Бунин у нас, в нашей литературе – последний бесспорный, несомненный представитель эпохи, которую мы не напрасно называем классической, как бы ни был растянут и зыбок смысл этого слова. Классическая, т. е. хранящая какое-то равновесие, еще не скатившаяся к всесмешению, безразличию и безрассудству, еще не заигрывающая с откровенным и явным безумием, не поглядывающая на него с блудливо-растерянно-заискивающей улыбкой. Как трудно все это точно и толково объяснить, если только действительно надо тут что-либо объяснять, если не все ясно тут с полуслова! Остановить ход времени нельзя, и тянет иногда сказать: «Да будет то, что будет!» Но Бунин-то этого сказать не был склонен, он твердо стоял на своем, он не сдавался, и подчеркивая это, я вовсе не то имею в виду, что он мог иногда ни с того, ни с сего «изничтожить» Блока или в сердцах причислить Пастернака к прирожденным идиотам. Нет, эти его пристрастия, эти выпады не так важны, хотя, конечно, они не случайны (за ошибочной, будто даже близорукой оценкой скрыта была здесь разница в коренном отношении к поэзии, в общем «мироощущении» – как у Толстого, в «Что такое искусство», где оценки чудовищно несправедливы, а основной, общий взгляд глубок и в самой спорности своей много ближе к подлинному искусству, чем рассуждения любого критика, беспрепятственно-понимающего и авторитетно-анализирующего любые модернистические тонкости). Нет, имею я в виду не мнения и вкусы Бунина, а его истинное творчество, его вдохновенные, светящиеся солнцем прозаические поэмы, в особенности поздние. Именно в них отражено то, что на наших глазах исчезает: строй, смысл, значение, порядок… Из круга, в них очерченного, страшно выйти, а между тем вечно в нем жить нельзя, круг суживается, границы его стираются, и что же дальше, что за ним? От этого-то вопроса и сжимается сердце. Что дальше? Чем все это будет заменено? На Бунина мы оглядываемся, будто идя куда-то «в ночь», по слову Фета, и почти что «плачем, уходя». Правда, там, у Фета сказано об «огне, просиявшем над целым мирозданием» – кстати, что Фет имел в виду: христианство? – а здесь не то. Однако и здесь – предчувствие грозной неизвестности, последняя перед ней задержка, последняя станция. Поезд как будто перескакивает на другие рельсы, и мчится только, чтобы мчаться, без уверенности, что есть цель, что нет впереди обрыва.

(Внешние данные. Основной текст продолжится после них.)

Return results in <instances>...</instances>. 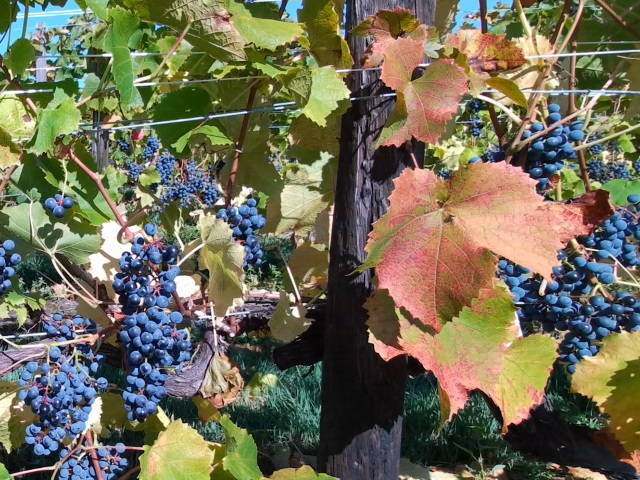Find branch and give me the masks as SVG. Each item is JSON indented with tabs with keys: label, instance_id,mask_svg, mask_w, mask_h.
<instances>
[{
	"label": "branch",
	"instance_id": "branch-4",
	"mask_svg": "<svg viewBox=\"0 0 640 480\" xmlns=\"http://www.w3.org/2000/svg\"><path fill=\"white\" fill-rule=\"evenodd\" d=\"M585 5H586L585 0H580L578 2L575 9L574 19L572 20L564 38L561 40V43L557 48V51L559 53H563L566 50L569 42H570V50L571 51L577 50V40H578L577 26L579 22L582 20V12Z\"/></svg>",
	"mask_w": 640,
	"mask_h": 480
},
{
	"label": "branch",
	"instance_id": "branch-7",
	"mask_svg": "<svg viewBox=\"0 0 640 480\" xmlns=\"http://www.w3.org/2000/svg\"><path fill=\"white\" fill-rule=\"evenodd\" d=\"M558 64V59L557 58H552L551 61L549 62V64L547 65V67L545 68L544 74L542 75V78L540 80V82L538 83V88L539 89H545L546 88V84L552 74L553 69L555 68V66Z\"/></svg>",
	"mask_w": 640,
	"mask_h": 480
},
{
	"label": "branch",
	"instance_id": "branch-10",
	"mask_svg": "<svg viewBox=\"0 0 640 480\" xmlns=\"http://www.w3.org/2000/svg\"><path fill=\"white\" fill-rule=\"evenodd\" d=\"M17 171V167L13 166L7 173V175L4 177L2 183L0 184V193L3 192L4 188L6 187V185L8 184L9 180L11 179V177L13 176V174Z\"/></svg>",
	"mask_w": 640,
	"mask_h": 480
},
{
	"label": "branch",
	"instance_id": "branch-11",
	"mask_svg": "<svg viewBox=\"0 0 640 480\" xmlns=\"http://www.w3.org/2000/svg\"><path fill=\"white\" fill-rule=\"evenodd\" d=\"M173 298L175 300V302L177 303L178 307L181 309V312L184 316L188 315V311L186 309V307L184 306L183 302L181 301V299L179 298V295L177 292L173 293Z\"/></svg>",
	"mask_w": 640,
	"mask_h": 480
},
{
	"label": "branch",
	"instance_id": "branch-3",
	"mask_svg": "<svg viewBox=\"0 0 640 480\" xmlns=\"http://www.w3.org/2000/svg\"><path fill=\"white\" fill-rule=\"evenodd\" d=\"M541 98H542V94H534L533 95V99H532L531 105L528 108V110L524 113L522 124L517 129L516 135L512 139L511 144H510L509 149H508V153L505 156L504 163L506 165H509L511 163V161H512L514 155H515L516 148H517L520 140L522 139V137L524 135V132L528 128V126L530 124V118L535 113Z\"/></svg>",
	"mask_w": 640,
	"mask_h": 480
},
{
	"label": "branch",
	"instance_id": "branch-5",
	"mask_svg": "<svg viewBox=\"0 0 640 480\" xmlns=\"http://www.w3.org/2000/svg\"><path fill=\"white\" fill-rule=\"evenodd\" d=\"M249 120V115H244V118L241 122V130H240V135H239V142L237 145V151L236 154L234 156V164L232 165L231 168V172H230V177H229V182L226 188V192L224 194L223 197V205L227 206L228 205V200L231 194V190L233 188L234 185V179H235V174L237 171V168L239 167V159L241 157L242 154V148H243V144H244V137H245V133H246V125L248 123Z\"/></svg>",
	"mask_w": 640,
	"mask_h": 480
},
{
	"label": "branch",
	"instance_id": "branch-9",
	"mask_svg": "<svg viewBox=\"0 0 640 480\" xmlns=\"http://www.w3.org/2000/svg\"><path fill=\"white\" fill-rule=\"evenodd\" d=\"M0 65H1V67L3 69V73H4L5 77H6V79L8 80V82L11 85H13L17 90L21 89V85L11 77V75H10V73L8 71V66H7V64L5 63V61L3 59H0Z\"/></svg>",
	"mask_w": 640,
	"mask_h": 480
},
{
	"label": "branch",
	"instance_id": "branch-2",
	"mask_svg": "<svg viewBox=\"0 0 640 480\" xmlns=\"http://www.w3.org/2000/svg\"><path fill=\"white\" fill-rule=\"evenodd\" d=\"M117 327H118V323L114 322L110 326L104 329H101L98 333H96L91 338L71 339V340H65V341H60L56 343H41V344H30V345L18 344L17 342H13L12 340H5V343L16 349L33 350V349H43V348H59L60 346L82 344V343H93L97 341L100 337H102L104 334L113 331Z\"/></svg>",
	"mask_w": 640,
	"mask_h": 480
},
{
	"label": "branch",
	"instance_id": "branch-1",
	"mask_svg": "<svg viewBox=\"0 0 640 480\" xmlns=\"http://www.w3.org/2000/svg\"><path fill=\"white\" fill-rule=\"evenodd\" d=\"M57 146L60 148V151L67 155L71 160L75 161L76 164L82 169L84 170L86 173H88L89 176L92 177L93 181L95 182L96 186L99 188L101 194L104 196L106 202L109 204V208L111 210V213L114 217V219L122 226L123 229H125L124 232V236L128 239L129 242H132L135 239V235L133 234V231L131 230V228L124 222V220L122 218H120V216L117 213L116 207L114 205V202L112 201V199L110 198V195L107 193V191L105 190L104 185L100 182L99 178L97 177L96 173L93 172L88 166H86L84 163H82V161L80 160V158L74 154H72V152L70 150H67L65 148V145L62 142H58Z\"/></svg>",
	"mask_w": 640,
	"mask_h": 480
},
{
	"label": "branch",
	"instance_id": "branch-6",
	"mask_svg": "<svg viewBox=\"0 0 640 480\" xmlns=\"http://www.w3.org/2000/svg\"><path fill=\"white\" fill-rule=\"evenodd\" d=\"M578 159H579V163H580V168L582 170V174L584 176L585 179V184H586V188L589 192H592L594 190V185L592 182V176L589 172V168L587 166V161H586V156H585V151L583 149H580L578 151Z\"/></svg>",
	"mask_w": 640,
	"mask_h": 480
},
{
	"label": "branch",
	"instance_id": "branch-8",
	"mask_svg": "<svg viewBox=\"0 0 640 480\" xmlns=\"http://www.w3.org/2000/svg\"><path fill=\"white\" fill-rule=\"evenodd\" d=\"M590 284L592 286H595V288L601 292L603 294V296L609 301V302H614L616 300V297L614 295H612L610 293V290L608 288H606L605 286L602 285V283L597 279V278H593L590 281Z\"/></svg>",
	"mask_w": 640,
	"mask_h": 480
},
{
	"label": "branch",
	"instance_id": "branch-12",
	"mask_svg": "<svg viewBox=\"0 0 640 480\" xmlns=\"http://www.w3.org/2000/svg\"><path fill=\"white\" fill-rule=\"evenodd\" d=\"M256 92H257V87L253 86L252 89H251V92L249 94V100H248L247 109H253L254 97L256 95Z\"/></svg>",
	"mask_w": 640,
	"mask_h": 480
},
{
	"label": "branch",
	"instance_id": "branch-13",
	"mask_svg": "<svg viewBox=\"0 0 640 480\" xmlns=\"http://www.w3.org/2000/svg\"><path fill=\"white\" fill-rule=\"evenodd\" d=\"M22 98L27 103V105L32 109L33 112H37L38 111L37 106L34 103H32V101L30 100V98L27 95L23 94Z\"/></svg>",
	"mask_w": 640,
	"mask_h": 480
}]
</instances>

Классический период русской литературы, великий русский девятнадцатый век: сколько в этих словах еще не вполне раскрытого значения, не вполне понятого содержания! Бунин сложился, вырос, окреп в веке двадцатом, но весь еще был связан с тем, что одушевляло прошлое. Оттого, бывая у него, глядя на него, слушая его, хотелось наглядеться, наслушаться: было чувство, что это последний луч какого-то чудного и ясного русского дня. Все встречавшиеся с Буниным знают, что он почти никогда не вел связных разговоров, в особенности разговоров на отвлеченные темы. Но как бывают глупые беседы о самых глубокомысленных вопросах или предметах, так бывает и вся пронизанная умом, полная содержания речь о пустяках. Очаровывала у Бунина чудесная меткость каждого слова, сверкание и сияние одареннейшей, щедрой и сознающей свою щедрость натуры. Собеседник улыбался, недоумевал, восхищался, соглашался, возражал, но при этом не мог не сознавать: все, что слышит он, – частица лучшего, что в России было. В последний раз была возможность подышать воздухом, в котором расцвело все, бывшее славой, оправданием, а может быть даже и сущностью России.

____

Бунин принадлежит к тем писателям, о которых говорить и писать трудно: черта, ни в какой мере не определяющая размеров дарования, имеющая отношение лишь к его особенностям и характеру.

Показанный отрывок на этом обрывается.